From the guidelines for security controls and the guidelines for incident response, we can see that GLB compliance requires the utilization of computer forensics both proactively and for incident response to ensure the privacy of client information and to exhibit due diligence in GLB compliant efforts.

HIPAA
HIPAA is the acronym for the Health Insurance Portability and Accountability Act of 1996. A primary goal of HIPAA is for healthcare providers to improve the privacy and security of their clients’ medical information. Health care providers, records clearinghouses and health plans must comply with HIPAA. Trading partner organizations that handle medical records electronically would fall under HIPAA rules.

Several HIPAA rules have been finalized including information security which encompasses incident response. HIPAA defines a security incident as “… the attempted or successful unauthorized access, use, disclosure, modification, or destruction of information or interference with system operations in an information system.”

HIPAA specifies thorough analysis and reporting of security incidents. The guidelines do not provide specific information on incident response policies, so organizations must consider their incident response policies carefully.
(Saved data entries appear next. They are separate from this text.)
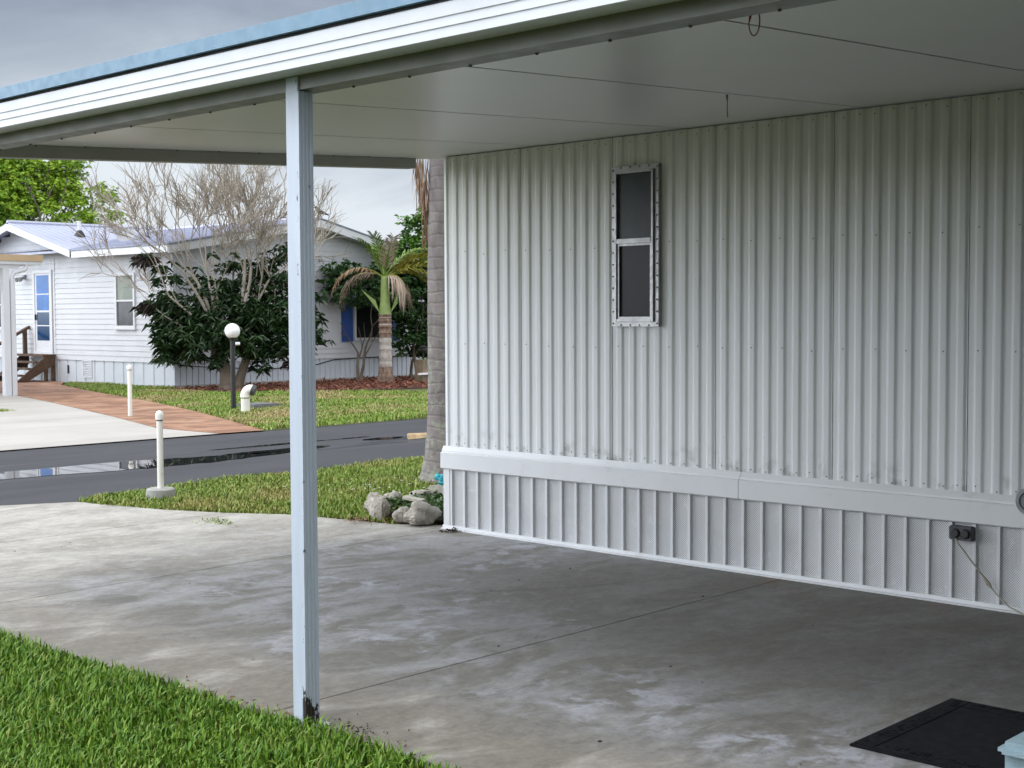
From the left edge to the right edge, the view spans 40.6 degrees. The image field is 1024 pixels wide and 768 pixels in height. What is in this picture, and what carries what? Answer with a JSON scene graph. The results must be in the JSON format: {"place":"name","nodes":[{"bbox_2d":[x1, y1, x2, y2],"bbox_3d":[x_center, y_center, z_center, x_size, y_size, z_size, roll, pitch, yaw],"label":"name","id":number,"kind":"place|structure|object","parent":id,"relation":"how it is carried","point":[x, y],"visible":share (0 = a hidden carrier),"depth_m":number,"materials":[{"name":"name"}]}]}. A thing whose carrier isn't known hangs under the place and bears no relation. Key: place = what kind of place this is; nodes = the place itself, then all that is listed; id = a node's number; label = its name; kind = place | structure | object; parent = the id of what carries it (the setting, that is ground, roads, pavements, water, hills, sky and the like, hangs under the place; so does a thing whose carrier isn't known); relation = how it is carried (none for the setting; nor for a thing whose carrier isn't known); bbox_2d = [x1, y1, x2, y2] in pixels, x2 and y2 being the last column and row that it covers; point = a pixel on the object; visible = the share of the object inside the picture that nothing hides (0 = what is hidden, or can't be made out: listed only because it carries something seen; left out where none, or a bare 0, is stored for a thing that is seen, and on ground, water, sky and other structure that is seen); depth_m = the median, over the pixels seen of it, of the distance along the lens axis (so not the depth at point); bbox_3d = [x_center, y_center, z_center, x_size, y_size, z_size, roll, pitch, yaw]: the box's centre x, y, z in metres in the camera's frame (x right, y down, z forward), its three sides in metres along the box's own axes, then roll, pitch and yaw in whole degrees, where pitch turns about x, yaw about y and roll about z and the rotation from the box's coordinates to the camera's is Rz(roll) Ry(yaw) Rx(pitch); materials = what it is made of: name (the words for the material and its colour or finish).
{"place":"outdoors","nodes":[
{"label":"outdoors","id":0,"kind":"place"},
{"bbox_2d":[0,393,216,450],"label":"neighbour driveway","id":1,"kind":"structure","parent":0,"point":[27,423],"depth_m":19.46,"materials":[{"name":"concrete"}]},
{"bbox_2d":[0,254,42,395],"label":"neighbour carport","id":2,"kind":"object","parent":1,"relation":"on","point":[8,328],"visible":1,"depth_m":27.47,"materials":[{"name":"white metal"}]},
{"bbox_2d":[0,380,262,432],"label":"brick path","id":3,"kind":"structure","parent":0,"point":[144,412],"depth_m":23.49,"materials":[{"name":"red brick"}]},
{"bbox_2d":[0,326,55,382],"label":"wooden steps","id":4,"kind":"structure","parent":3,"relation":"on","point":[45,363],"depth_m":33.46,"materials":[{"name":"brown wood"}]},
{"bbox_2d":[127,365,132,415],"bbox_3d":[-5.972,0.099,21.642,0.084,0.803,0.086,2,4,43],"label":"bollard","id":5,"kind":"object","parent":3,"relation":"on","point":[129,374],"visible":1,"depth_m":21.62,"materials":[{"name":"white plastic"}]},
{"bbox_2d":[0,418,426,505],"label":"road","id":6,"kind":"structure","parent":0,"point":[62,488],"depth_m":15.50,"materials":[{"name":"grey asphalt"}]},
{"bbox_2d":[0,451,289,479],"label":"puddle","id":7,"kind":"object","parent":6,"relation":"on","point":[104,467],"visible":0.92,"depth_m":14.58,"materials":[{"name":"black liquid"}]},
{"bbox_2d":[225,445,329,454],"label":"puddle","id":8,"kind":"object","parent":6,"relation":"on","point":[276,450],"visible":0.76,"depth_m":16.05,"materials":[{"name":"black liquid"}]},
{"bbox_2d":[214,436,367,449],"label":"puddle","id":9,"kind":"object","parent":6,"relation":"on","point":[289,443],"visible":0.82,"depth_m":16.91,"materials":[{"name":"black liquid"}]},
{"bbox_2d":[363,436,402,439],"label":"puddle","id":10,"kind":"object","parent":6,"relation":"on","point":[380,438],"visible":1,"depth_m":17.67,"materials":[{"name":"black liquid"}]},
{"bbox_2d":[407,433,425,438],"bbox_3d":[-1.201,0.655,17.783,0.191,0.064,0.558,2,4,41],"label":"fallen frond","id":11,"kind":"object","parent":6,"relation":"on","point":[415,435],"visible":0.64,"depth_m":17.67,"materials":[{"name":"beige plant"}]},
{"bbox_2d":[0,322,426,451],"bbox_3d":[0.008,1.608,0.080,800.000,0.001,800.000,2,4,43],"label":"ground","id":12,"kind":"structure","parent":0,"point":[132,440],"depth_m":18.18,"materials":[{"name":"grey concrete"}]},
{"bbox_2d":[0,159,127,226],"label":"broad tree","id":13,"kind":"object","parent":12,"relation":"on","point":[59,188],"visible":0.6,"depth_m":45.23,"materials":[{"name":"green plant"}]},
{"bbox_2d":[0,215,421,387],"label":"house","id":14,"kind":"structure","parent":12,"relation":"on","point":[88,329],"depth_m":32.96,"materials":[{"name":"white wood"}]},
{"bbox_2d":[32,270,53,353],"bbox_3d":[-11.489,-1.757,33.929,0.920,2.060,0.080,2,4,43],"label":"door","id":15,"kind":"structure","parent":14,"relation":"in","point":[42,280],"depth_m":33.92,"materials":[{"name":"white glass"}]},
{"bbox_2d":[116,227,133,240],"bbox_3d":[-9.328,-3.586,33.365,0.422,0.383,0.352,2,4,43],"label":"satellite dish","id":16,"kind":"object","parent":14,"relation":"on","point":[120,238],"visible":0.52,"depth_m":33.39,"materials":[{"name":"grey plastic"}]},
{"bbox_2d":[114,273,136,329],"bbox_3d":[-8.759,-1.872,31.351,0.880,1.280,0.065,2,4,43],"label":"window","id":17,"kind":"structure","parent":14,"relation":"in","point":[125,298],"depth_m":31.37,"materials":[{"name":"white glass"}]},
{"bbox_2d":[353,285,378,339],"bbox_3d":[-3.474,-1.761,34.147,0.050,1.350,1.110,2,4,43],"label":"window","id":18,"kind":"structure","parent":14,"relation":"in","point":[361,315],"depth_m":34.01,"materials":[{"name":"black glass"}]},
{"bbox_2d":[0,0,429,301],"label":"sky","id":19,"kind":"structure","parent":0,"point":[39,38],"materials":[{"name":"white"}]},
{"bbox_2d":[0,626,462,767],"bbox_3d":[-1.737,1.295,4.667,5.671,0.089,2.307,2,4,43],"label":"lawn grass","id":20,"kind":"structure","parent":0,"point":[38,681],"depth_m":5.17,"materials":[{"name":"green plant"}]},
{"bbox_2d":[64,381,427,430],"bbox_3d":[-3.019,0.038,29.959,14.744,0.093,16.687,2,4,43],"label":"grass","id":21,"kind":"structure","parent":0,"point":[338,407],"depth_m":24.34,"materials":[{"name":"green plant"}]},
{"bbox_2d":[59,162,351,390],"bbox_3d":[-6.391,-2.649,28.454,6.159,5.883,4.745,0,3,7],"label":"bare topped tree","id":22,"kind":"object","parent":21,"relation":"on","point":[183,331],"visible":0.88,"depth_m":28.86,"materials":[{"name":"dark green leaf"},{"name":"grey bark"},{"name":"brown bark"}]},
{"bbox_2d":[225,323,239,409],"bbox_3d":[-4.594,-0.256,22.799,0.254,1.485,0.254,2,4,43],"label":"lamp post","id":23,"kind":"object","parent":21,"relation":"on","point":[232,331],"visible":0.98,"depth_m":22.76,"materials":[{"name":"black metal"}]},
{"bbox_2d":[240,385,256,411],"bbox_3d":[-4.266,0.246,22.430,0.283,0.476,0.179,0,3,-1],"label":"vent pipe","id":24,"kind":"object","parent":21,"relation":"on","point":[247,390],"visible":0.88,"depth_m":22.36,"materials":[{"name":"white plastic"}]},
{"bbox_2d":[236,402,282,407],"bbox_3d":[-4.341,0.370,23.723,0.600,0.080,0.600,2,4,43],"label":"utility lid","id":25,"kind":"object","parent":21,"relation":"on","point":[258,404],"visible":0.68,"depth_m":23.61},
{"bbox_2d":[161,373,427,391],"bbox_3d":[-3.323,0.020,31.205,4.390,0.001,8.200,2,4,43],"label":"mulch bed","id":26,"kind":"object","parent":21,"relation":"on","point":[378,388],"visible":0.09,"depth_m":29.96,"materials":[{"name":"brown wood"}]},
{"bbox_2d":[315,258,380,380],"bbox_3d":[-3.857,-1.505,33.008,1.731,2.957,1.429,-1,3,-13],"label":"shrub","id":27,"kind":"object","parent":26,"relation":"on","point":[334,275],"visible":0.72,"depth_m":32.75,"materials":[{"name":"green plant"}]},
{"bbox_2d":[331,230,427,382],"bbox_3d":[-2.832,-1.761,32.176,2.642,3.540,1.681,0,3,14],"label":"young palm","id":28,"kind":"object","parent":26,"relation":"on","point":[385,372],"visible":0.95,"depth_m":31.95,"materials":[{"name":"green plant"}]},
{"bbox_2d":[359,206,428,377],"bbox_3d":[-2.508,-2.218,33.747,2.520,4.277,1.803,-1,3,-23],"label":"shrub","id":29,"kind":"object","parent":26,"relation":"on","point":[415,336],"visible":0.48,"depth_m":33.49,"materials":[{"name":"green plant"}]},
{"bbox_2d":[415,345,427,381],"bbox_3d":[-2.087,-0.468,32.379,0.330,0.870,0.520,2,4,43],"label":"garden post","id":30,"kind":"object","parent":26,"relation":"on","point":[421,369],"visible":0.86,"depth_m":32.32,"materials":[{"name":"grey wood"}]},
{"bbox_2d":[77,455,443,524],"bbox_3d":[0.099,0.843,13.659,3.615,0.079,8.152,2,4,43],"label":"verge grass","id":31,"kind":"structure","parent":0,"point":[254,491],"depth_m":12.10,"materials":[{"name":"green plant"}]},
{"bbox_2d":[146,410,175,500],"bbox_3d":[-3.013,0.621,11.862,0.250,0.788,0.250,2,4,43],"label":"bollard","id":32,"kind":"object","parent":31,"relation":"on","point":[160,490],"visible":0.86,"depth_m":11.83,"materials":[{"name":"white plastic"}]},
{"bbox_2d":[412,159,445,483],"bbox_3d":[-0.248,-0.965,12.921,2.446,3.803,2.472,2,4,43],"label":"palm tree","id":33,"kind":"object","parent":31,"relation":"on","point":[431,197],"visible":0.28,"depth_m":12.78,"materials":[{"name":"grey plant"}]},
{"bbox_2d":[387,509,443,519],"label":"flower bed soil","id":34,"kind":"structure","parent":0,"point":[441,518],"depth_m":10.44,"materials":[{"name":"soil"}]},
{"bbox_2d":[364,492,380,510],"bbox_3d":[-1.062,0.904,10.708,0.170,0.151,0.192,2,4,43],"label":"rock","id":35,"kind":"object","parent":34,"relation":"on","point":[373,494],"visible":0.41,"depth_m":10.65,"materials":[{"name":"grey stone"}]},
{"bbox_2d":[368,495,389,520],"bbox_3d":[-1.007,0.931,10.500,0.162,0.199,0.214,-1,3,-18],"label":"rock","id":36,"kind":"object","parent":34,"relation":"on","point":[379,507],"visible":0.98,"depth_m":10.43,"materials":[{"name":"grey stone"}]},
{"bbox_2d":[383,491,402,504],"bbox_3d":[-0.931,0.897,10.869,0.144,0.115,0.171,2,4,43],"label":"rock","id":37,"kind":"object","parent":34,"relation":"on","point":[394,494],"visible":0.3,"depth_m":10.83,"materials":[{"name":"grey stone"}]},
{"bbox_2d":[392,506,409,522],"bbox_3d":[-0.824,0.974,10.353,0.142,0.120,0.125,0,3,-4],"label":"rock","id":38,"kind":"object","parent":34,"relation":"on","point":[398,515],"visible":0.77,"depth_m":10.31,"materials":[{"name":"grey stone"}]},
{"bbox_2d":[409,490,418,495],"bbox_3d":[-0.741,0.894,10.965,0.153,0.103,0.205,2,4,43],"label":"rock","id":39,"kind":"object","parent":34,"relation":"on","point":[413,492],"visible":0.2,"depth_m":10.93,"materials":[{"name":"grey stone"}]},
{"bbox_2d":[386,490,443,517],"bbox_3d":[-0.488,0.908,10.784,0.678,0.155,1.049,2,4,43],"label":"ground cover","id":40,"kind":"object","parent":34,"relation":"on","point":[439,500],"visible":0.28,"depth_m":10.60,"materials":[{"name":"green plant"}]},
{"bbox_2d":[402,495,425,501],"bbox_3d":[-0.744,0.868,10.456,0.041,0.033,0.252,-3,4,-40],"label":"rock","id":41,"kind":"object","parent":40,"relation":"on","point":[409,498],"visible":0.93,"depth_m":10.45,"materials":[{"name":"grey stone"}]},
{"bbox_2d":[404,500,441,524],"bbox_3d":[-0.670,0.947,10.246,0.199,0.173,0.281,2,4,43],"label":"rock","id":42,"kind":"object","parent":34,"relation":"on","point":[421,513],"visible":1,"depth_m":10.19,"materials":[{"name":"grey stone"}]},
{"bbox_2d":[416,484,443,504],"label":"rock","id":43,"kind":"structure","parent":34,"relation":"on","point":[438,488],"depth_m":10.93,"materials":[{"name":"grey stone"}]},
{"bbox_2d":[434,473,443,484],"bbox_3d":[-0.522,0.757,11.029,0.191,0.100,0.180,-1,3,-14],"label":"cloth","id":44,"kind":"object","parent":43,"relation":"on","point":[438,476],"visible":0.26,"depth_m":10.95,"materials":[{"name":"teal fabric"}]},
{"bbox_2d":[61,542,813,764],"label":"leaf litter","id":45,"kind":"object","parent":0,"point":[499,645],"visible":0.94,"depth_m":6.65,"materials":[{"name":"brown plant"}]},
{"bbox_2d":[0,502,1023,767],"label":"driveway","id":46,"kind":"structure","parent":0,"point":[418,624],"depth_m":6.65,"materials":[{"name":"concrete"}]},
{"bbox_2d":[192,516,236,525],"bbox_3d":[-2.200,1.025,10.392,0.446,0.044,0.306,2,4,43],"label":"weed","id":47,"kind":"object","parent":46,"relation":"on","point":[218,518],"visible":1,"depth_m":10.42,"materials":[{"name":"green plant"}]},
{"bbox_2d":[130,667,460,767],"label":"leaf litter","id":48,"kind":"object","parent":46,"relation":"on","point":[261,705],"visible":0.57,"depth_m":5.54,"materials":[{"name":"brown plant"}]},
{"bbox_2d":[316,713,409,743],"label":"leaf litter","id":49,"kind":"object","parent":46,"relation":"on","point":[348,726],"visible":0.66,"depth_m":5.17,"materials":[{"name":"brown plant"}]},
{"bbox_2d":[340,515,385,525],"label":"leaf litter","id":50,"kind":"object","parent":46,"relation":"on","point":[356,519],"visible":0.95,"depth_m":10.44,"materials":[{"name":"brown plant"}]},
{"bbox_2d":[439,527,461,532],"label":"leaf litter","id":51,"kind":"object","parent":46,"relation":"on","point":[452,530],"visible":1,"depth_m":9.90,"materials":[{"name":"brown plant"}]},
{"bbox_2d":[0,0,1023,726],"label":"carport","id":52,"kind":"object","parent":46,"relation":"on","point":[392,84],"visible":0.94,"depth_m":5.50,"materials":[{"name":"white metal"}]},
{"bbox_2d":[748,14,759,35],"bbox_3d":[0.764,-1.144,4.369,0.044,0.093,0.004,2,4,43],"label":"wire loop","id":53,"kind":"object","parent":52,"relation":"hanging from","point":[749,25],"visible":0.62,"depth_m":4.38,"materials":[{"name":"grey metal"}]},
{"bbox_2d":[440,89,1023,614],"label":"mobile home","id":54,"kind":"object","parent":46,"relation":"on","point":[788,347],"visible":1,"depth_m":8.20,"materials":[{"name":"white metal"}]},
{"bbox_2d":[612,163,661,326],"bbox_3d":[0.785,-0.873,8.775,0.372,1.017,0.056,2,4,43],"label":"window","id":55,"kind":"structure","parent":54,"relation":"in","point":[636,189],"depth_m":8.76,"materials":[{"name":"metal"}]},
{"bbox_2d":[955,538,1023,614],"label":"extension cord","id":56,"kind":"object","parent":54,"relation":"hanging from","point":[987,582],"visible":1,"depth_m":7.23,"materials":[{"name":"rubber"}]},
{"bbox_2d":[849,698,1023,767],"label":"doormat","id":57,"kind":"object","parent":46,"relation":"on","point":[953,733],"visible":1,"depth_m":5.04,"materials":[{"name":"rubber"}]},
{"bbox_2d":[998,732,1023,767],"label":"porch step","id":58,"kind":"object","parent":46,"relation":"on","point":[1011,749],"visible":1,"depth_m":4.03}
]}

As previously stated, NIST and ISACA specify computer forensic software as part of any reasonable incident response policy to clearly understand the scope of the incident. During an incident response procedure, you will need to determine, with forensic precision, what information has been compromised, when the compromise took place, what systems were affected, and were there any malware or backdoors left on the system that will allow further compromises. Non-forensic tools will alter vital metadata, making it difficult or impossible to determine when a compromise occurred and will often miss Trojans and rootkits that cloak themselves within the system.

In addition to security incidents, computer forensics plays a natural role in supporting overall information security by providing the investigation of any anomalies that could indicate policy or use violations that could jeopardize HIPAA privacy rules.

The foregoing review of the key investigation provisions of Sarbanes Oxley, Gramm Leach Bliley, CA SB 1386 and HIPAA clearly suggest a prominent role for computer forensics in achieving information security compliance. Implementing an enterprise-wide capability for compliance support requires the consideration of several issues to ensure that the organization is utilizing best practices and effort in achieving compliance; a critical criteria for overall organization risk and liability.